── Dataset records ──

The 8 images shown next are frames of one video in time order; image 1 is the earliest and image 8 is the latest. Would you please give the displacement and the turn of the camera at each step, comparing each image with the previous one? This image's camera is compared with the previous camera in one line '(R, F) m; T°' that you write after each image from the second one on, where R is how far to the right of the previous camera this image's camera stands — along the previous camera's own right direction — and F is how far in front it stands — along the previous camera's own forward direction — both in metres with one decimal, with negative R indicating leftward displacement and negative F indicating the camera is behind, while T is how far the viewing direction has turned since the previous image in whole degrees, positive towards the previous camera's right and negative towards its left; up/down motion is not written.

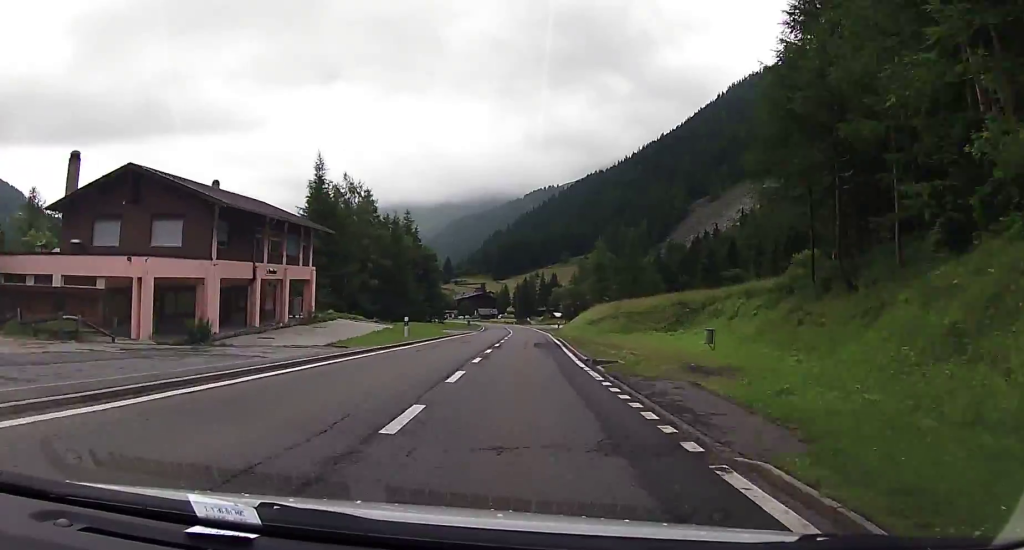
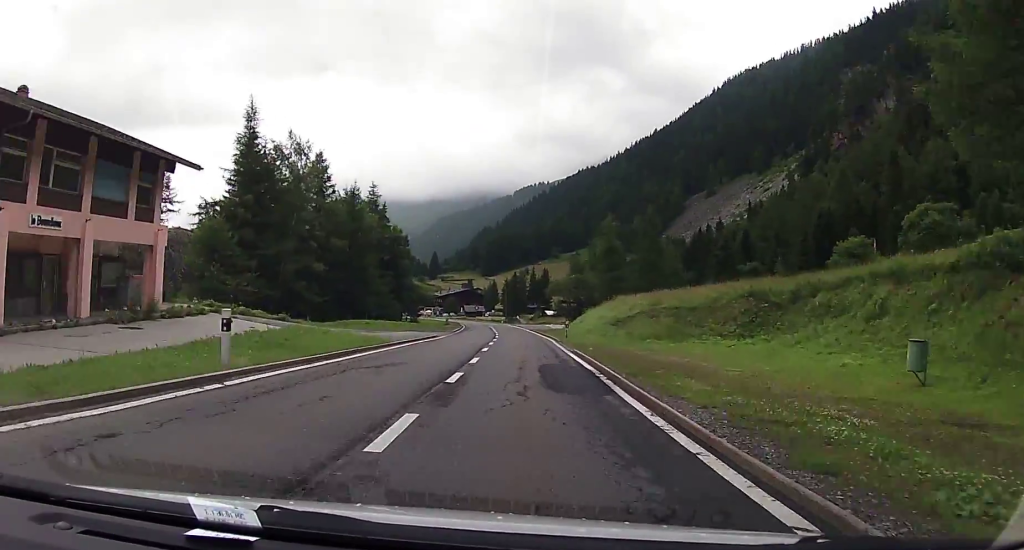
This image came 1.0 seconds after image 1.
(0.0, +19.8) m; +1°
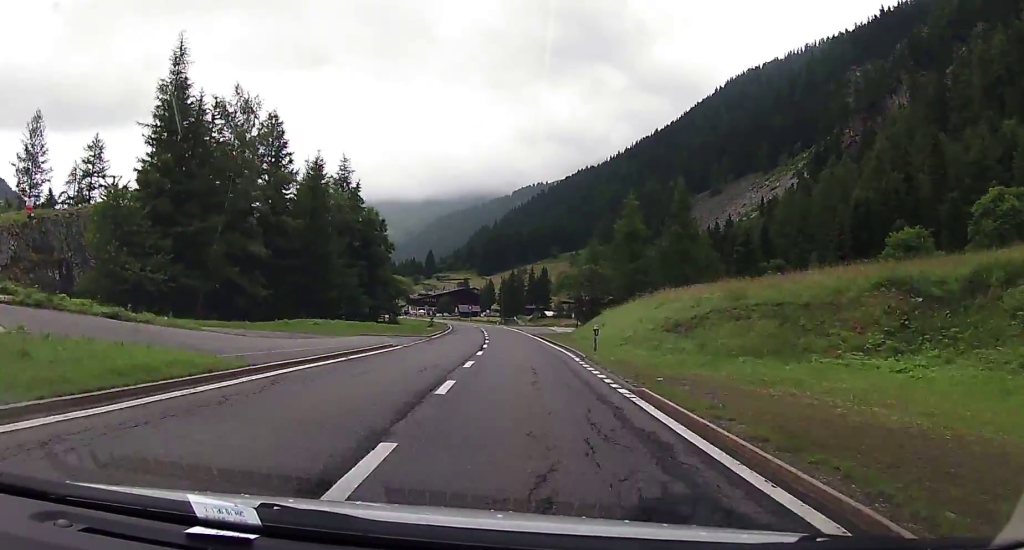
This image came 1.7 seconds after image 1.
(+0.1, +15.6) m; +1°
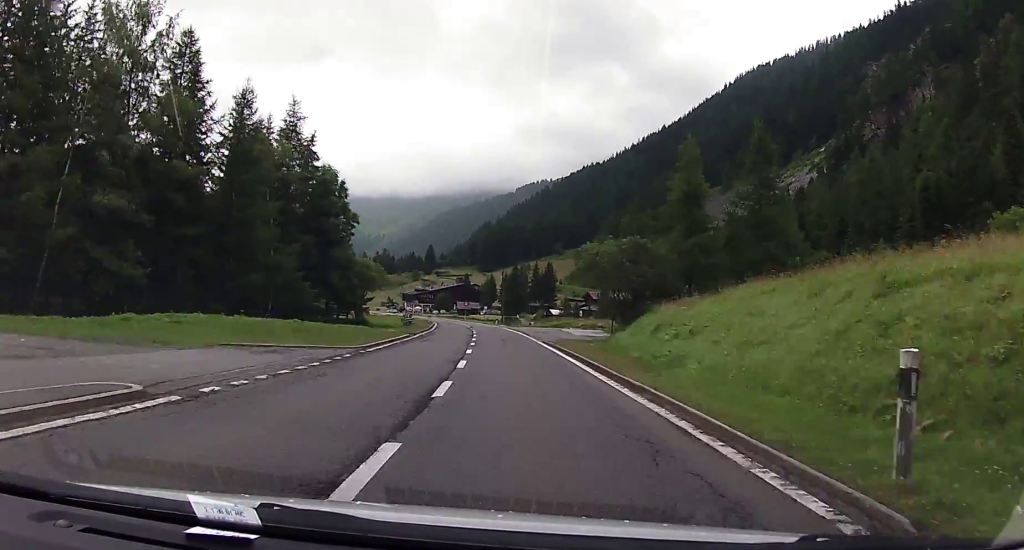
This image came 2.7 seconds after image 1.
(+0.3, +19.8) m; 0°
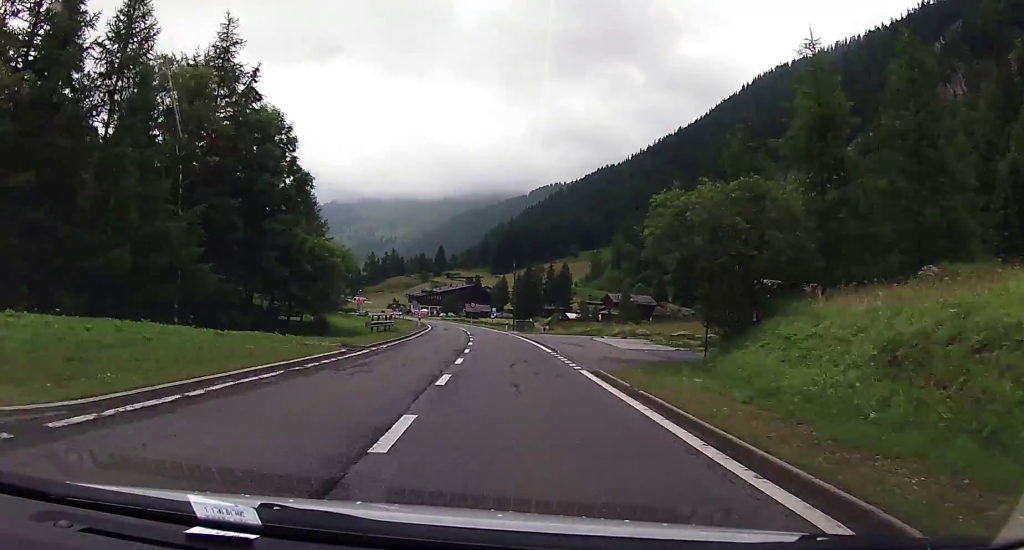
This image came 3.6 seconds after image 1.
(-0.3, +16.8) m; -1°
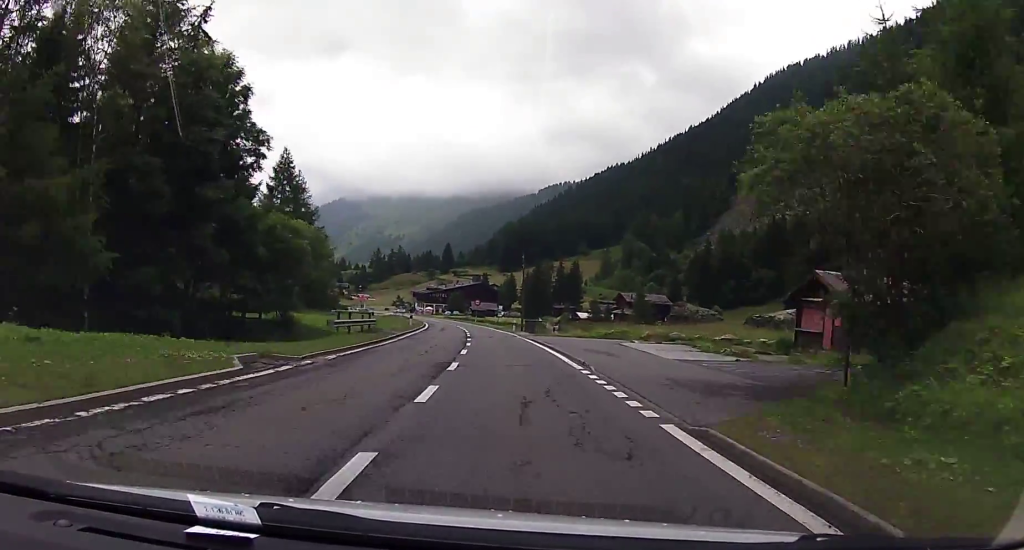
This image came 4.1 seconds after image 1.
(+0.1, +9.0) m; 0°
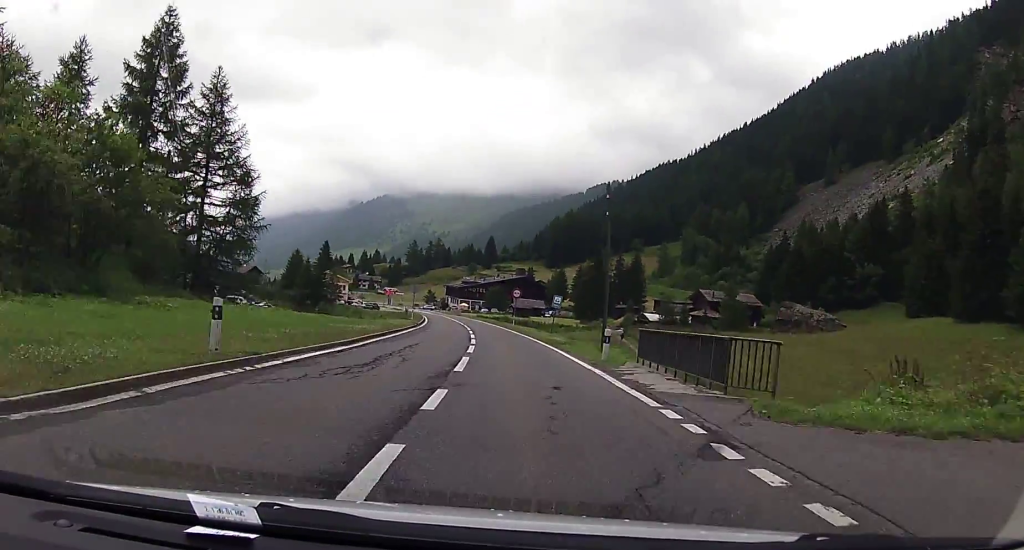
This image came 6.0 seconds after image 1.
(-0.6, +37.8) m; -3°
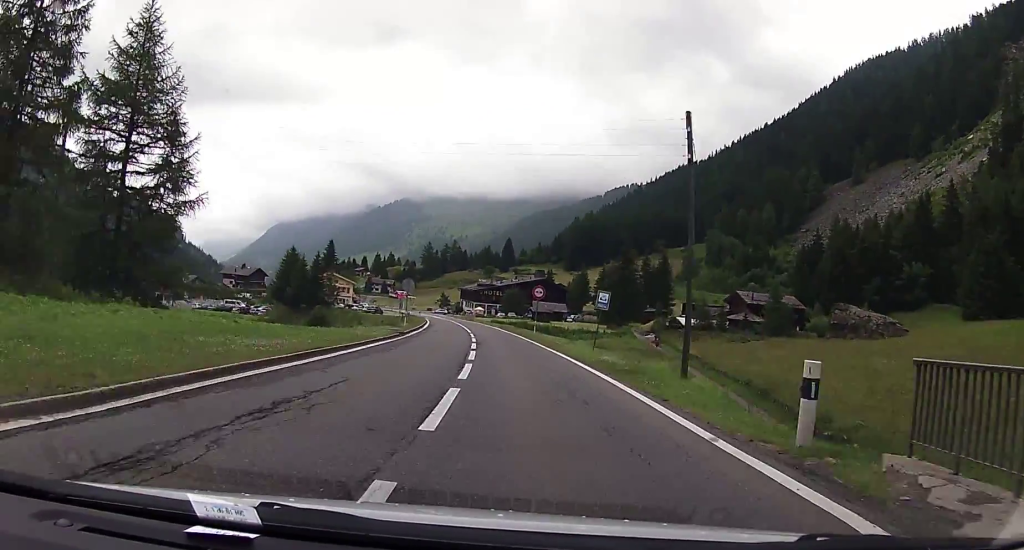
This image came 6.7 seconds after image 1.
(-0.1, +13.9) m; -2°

───

▶ [Task instructions]:
Write out the records in full and exactly, omitting the pictures they hold.

▶ [Your response]:
The 8 images shown next are frames of one video in time order; image 1 is the earliest and image 8 is the latest. Would you please give the displacement and the turn of the camera at each step, comparing each image with the previous one? This image's camera is compared with the previous camera in one line '(R, F) m; T°' that you write after each image from the second one on, where R is how far to the right of the previous camera this image's camera stands — along the previous camera's own right direction — and F is how far in front it stands — along the previous camera's own forward direction — both in metres with one decimal, with negative R indicating leftward displacement and negative F indicating the camera is behind, while T is how far the viewing direction has turned since the previous image in whole degrees, positive towards the previous camera's right and negative towards its left; up/down motion is not written.

This image came 1.0 seconds after image 1.
(0.0, +19.8) m; +1°
This image came 1.7 seconds after image 1.
(+0.1, +15.6) m; +1°
This image came 2.7 seconds after image 1.
(+0.3, +19.8) m; 0°
This image came 3.6 seconds after image 1.
(-0.3, +16.8) m; -1°
This image came 4.1 seconds after image 1.
(+0.1, +9.0) m; 0°
This image came 6.0 seconds after image 1.
(-0.6, +37.8) m; -3°
This image came 6.7 seconds after image 1.
(-0.1, +13.9) m; -2°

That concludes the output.